Cette attitude s’apparente à de la mauvaise foi. Car, tous autant qu’ils sont, ils savent qu’on peut leur imputer la responsabilité de la mort de la trentaine de Burkinabè qui sont tombés à l’occasion des évènements des 30 et 31 octobre derniers. Ils n’ont certes pas appuyé sur la gâchette qui a fauché ces vies, mais ils doivent pleinement en assumer la responsabilité morale voire pénale, pour avoir travaillé, en toute conscience et ce malgré les nombreuses mises en garde, à précipiter le Burkina dans l’abîme. Eux-mêmes d’ailleurs ont reconnu avoir fauté, puisqu’ils ont fait le tour des personnalités morales du pays pour battre leur coulpe. Ce faisant, il est difficile de comprendre qu’ils trouvent injuste le fait qu’on leur demande simplement d’en payer le prix aujourd’hui. Et puis, est-ce cher payé ce qu’on leur demande ? Sous d’autres cieux, l’addition aurait été plus salée. Mais le peuple burkinabè, dans sa magnanimité, a accepté que ces partis qui, pourtant, ont joué un rôle-clé dans la tentative d’assassinat de la démocratie, continuent leurs activités. Seuls quelques individus appartenant à ces partis ont été épinglés pour
leur responsabilité individuelle dans le drame qui a frappé le Burkina, les 30 et 31 octobre derniers. Si c’est cela l’exclusion, c’est à ne rien comprendre.
On peut comprendre l’indignation des organisations de la société civile
Il ne faut pas trop demander au peuple burkinabè, car, dans le cas d’espèce, l’approche inclusive qu’ils prônent n’est ni plus ni moins que de l’impunité. L’ex-majorité a, face à elle aujourd’hui, les partis politiques de l’ex-opposition et les organisations de la société civile qui soutiennent la transition dans sa volonté d’assainir la vie politique dans notre pays. Ces partis et plus particulièrement les OSC sont déterminés à lui apporter la réplique, parce qu’ils veulent faire en sorte que leurs camarades qui sont tombés les 30 et 31 octobre derniers, ne soient pas morts pour rien. De ce fait, le Burkina est en train de réunir les ingrédients de lendemains chargés de tous les dangers possibles. En effet, le risque est grand de voir les deux camps, au regard de la fermeté avec laquelle chacun défend ses vues, s’entre- déchirer au point de mettre à mal la cohésion sociale, voire l’existence du Burkina en tant qu’Etat. Ce bras de fer n’augure rien de bon pour la patrie des Hommes intègres. Et pour ne pas arranger les choses, le département d’Etat américain vient, par un communiqué de presse publié le 14 avril dernier, de signifier au Conseil national de la transition que « les modifications apportées au Code électoral semblent être incompatibles avec les principes démocratiques de la liberté d’expression, d’association et des élections pacifiques ».

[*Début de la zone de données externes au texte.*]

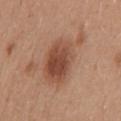Captured during whole-body skin photography for melanoma surveillance; the lesion was not biopsied.
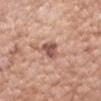notes — total-body-photography surveillance lesion; no biopsy
patient — female, roughly 70 years of age
lesion size — about 3.5 mm
image — ~15 mm crop, total-body skin-cancer survey
site — the arm
lighting — white-light illumination
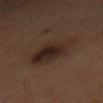No biopsy was performed on this lesion — it was imaged during a full skin examination and was not determined to be concerning.
A female subject, approximately 60 years of age.
A lesion tile, about 15 mm wide, cut from a 3D total-body photograph.
An algorithmic analysis of the crop reported an area of roughly 16 mm², an eccentricity of roughly 0.9, and a shape-asymmetry score of about 0.3 (0 = symmetric). The software also gave a border-irregularity index near 4.5/10, a within-lesion color-variation index near 5/10, and peripheral color asymmetry of about 1.5. It also reported a nevus-likeness score of about 90/100 and lesion-presence confidence of about 100/100.
Longest diameter approximately 7 mm.
Imaged with cross-polarized lighting.
The lesion is located on the mid back.
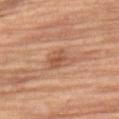No biopsy was performed on this lesion — it was imaged during a full skin examination and was not determined to be concerning. A roughly 15 mm field-of-view crop from a total-body skin photograph. From the right thigh. The subject is a female aged around 70.
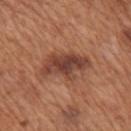Q: Was a biopsy performed?
A: no biopsy performed (imaged during a skin exam)
Q: What is the anatomic site?
A: the mid back
Q: How large is the lesion?
A: ~6 mm (longest diameter)
Q: What is the imaging modality?
A: ~15 mm crop, total-body skin-cancer survey
Q: What are the patient's age and sex?
A: male, approximately 65 years of age
Q: How was the tile lit?
A: white-light illumination
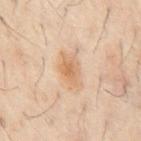Longest diameter approximately 4.5 mm.
A 15 mm close-up extracted from a 3D total-body photography capture.
The lesion-visualizer software estimated a lesion area of about 9 mm². The analysis additionally found a border-irregularity index near 2.5/10, a within-lesion color-variation index near 4/10, and radial color variation of about 1. The software also gave a nevus-likeness score of about 25/100.
A male subject aged approximately 60.
Imaged with cross-polarized lighting.
The lesion is on the abdomen.
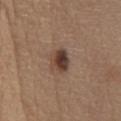Captured during whole-body skin photography for melanoma surveillance; the lesion was not biopsied. This is a white-light tile. A region of skin cropped from a whole-body photographic capture, roughly 15 mm wide. About 3.5 mm across. The lesion-visualizer software estimated an area of roughly 6.5 mm² and a shape-asymmetry score of about 0.2 (0 = symmetric). The analysis additionally found peripheral color asymmetry of about 2. The software also gave a nevus-likeness score of about 95/100. The subject is a female aged 63 to 67. The lesion is located on the abdomen.
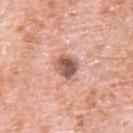The lesion was photographed on a routine skin check and not biopsied; there is no pathology result. On the upper back. Longest diameter approximately 3 mm. The lesion-visualizer software estimated a mean CIELAB color near L≈57 a*≈24 b*≈26 and a lesion-to-skin contrast of about 9.5 (normalized; higher = more distinct). The analysis additionally found border irregularity of about 2 on a 0–10 scale, a color-variation rating of about 6.5/10, and radial color variation of about 2. And it measured a nevus-likeness score of about 45/100 and a detector confidence of about 100 out of 100 that the crop contains a lesion. A lesion tile, about 15 mm wide, cut from a 3D total-body photograph. A male patient aged 78 to 82. Imaged with white-light lighting.
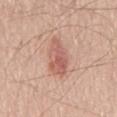  biopsy_status: not biopsied; imaged during a skin examination
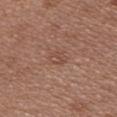Notes:
* biopsy status · imaged on a skin check; not biopsied
* location · the chest
* acquisition · ~15 mm crop, total-body skin-cancer survey
* size · ~2.5 mm (longest diameter)
* image-analysis metrics · a shape eccentricity near 0.75 and a shape-asymmetry score of about 0.3 (0 = symmetric); a lesion color around L≈48 a*≈21 b*≈27 in CIELAB, a lesion–skin lightness drop of about 6, and a normalized border contrast of about 4.5; a border-irregularity index near 2.5/10, a within-lesion color-variation index near 3/10, and peripheral color asymmetry of about 1.5
* subject · female, roughly 40 years of age
* tile lighting · white-light
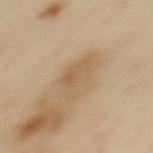| key | value |
|---|---|
| follow-up | no biopsy performed (imaged during a skin exam) |
| diameter | ~5 mm (longest diameter) |
| location | the upper back |
| lighting | cross-polarized |
| image source | ~15 mm tile from a whole-body skin photo |
| subject | female, aged 38 to 42 |
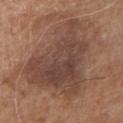| key | value |
|---|---|
| TBP lesion metrics | a border-irregularity index near 6/10, internal color variation of about 4.5 on a 0–10 scale, and a peripheral color-asymmetry measure near 1.5; a nevus-likeness score of about 0/100 and a lesion-detection confidence of about 95/100 |
| lesion diameter | ≈10 mm |
| patient | male, aged 68–72 |
| illumination | white-light |
| location | the chest |
| image | ~15 mm tile from a whole-body skin photo |
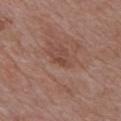Q: Was a biopsy performed?
A: catalogued during a skin exam; not biopsied
Q: Lesion size?
A: ≈1.5 mm
Q: What are the patient's age and sex?
A: male, about 70 years old
Q: What is the anatomic site?
A: the front of the torso
Q: What lighting was used for the tile?
A: white-light illumination
Q: What kind of image is this?
A: 15 mm crop, total-body photography
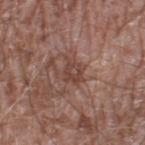workup: no biopsy performed (imaged during a skin exam); imaging modality: total-body-photography crop, ~15 mm field of view; illumination: white-light illumination; site: the leg; lesion diameter: ≈3.5 mm; patient: male, aged 58 to 62.
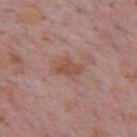biopsy_status: not biopsied; imaged during a skin examination
patient:
  sex: male
  age_approx: 75
image:
  source: total-body photography crop
  field_of_view_mm: 15
site: mid back
lesion_size:
  long_diameter_mm_approx: 3.5
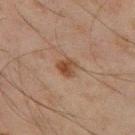Clinical summary:
Imaged with cross-polarized lighting. This image is a 15 mm lesion crop taken from a total-body photograph. A male patient, in their mid-40s. The lesion is located on the left thigh.

La sortie américaine constitue, de toute évidence, du pain bénit pour l’ex-majorité. Elle n’en demandait pas mieux . Si, par extraordinaire, la transition venait à accéder à la requête des Américains de peur d’être privée éventuellement de l’accompagnement financier de ceux-ci pour tenir les élections à bonne date, ce serait un véritable camouflet pour le peuple burkinabè et une insulte à la mémoire des martyrs de la révolution des 30 et 31 octobre derniers, à la grande satisfaction de tous les satrapes du continent noir. C’est pourquoi l’on peut comprendre l’indignation suscitée dans le milieu des organisations de la société civile. Aux uns et aux autres, l’on peut avoir envie de dire que personne n’a intérêt à ce que la transition échoue. Ni le pouvoir, ni les OSC, ni l’ex-majorité, ni la Communauté internationale. C’est parce qu’ il y a la tête que les yeux font mal. Or, la tête, dans le cas d’espèce, c’est le Burkina Faso. Par conséquent, tous ces acteurs doivent agir en toutes circonstances, dans le sens de l’intérêt supérieur du Burkina.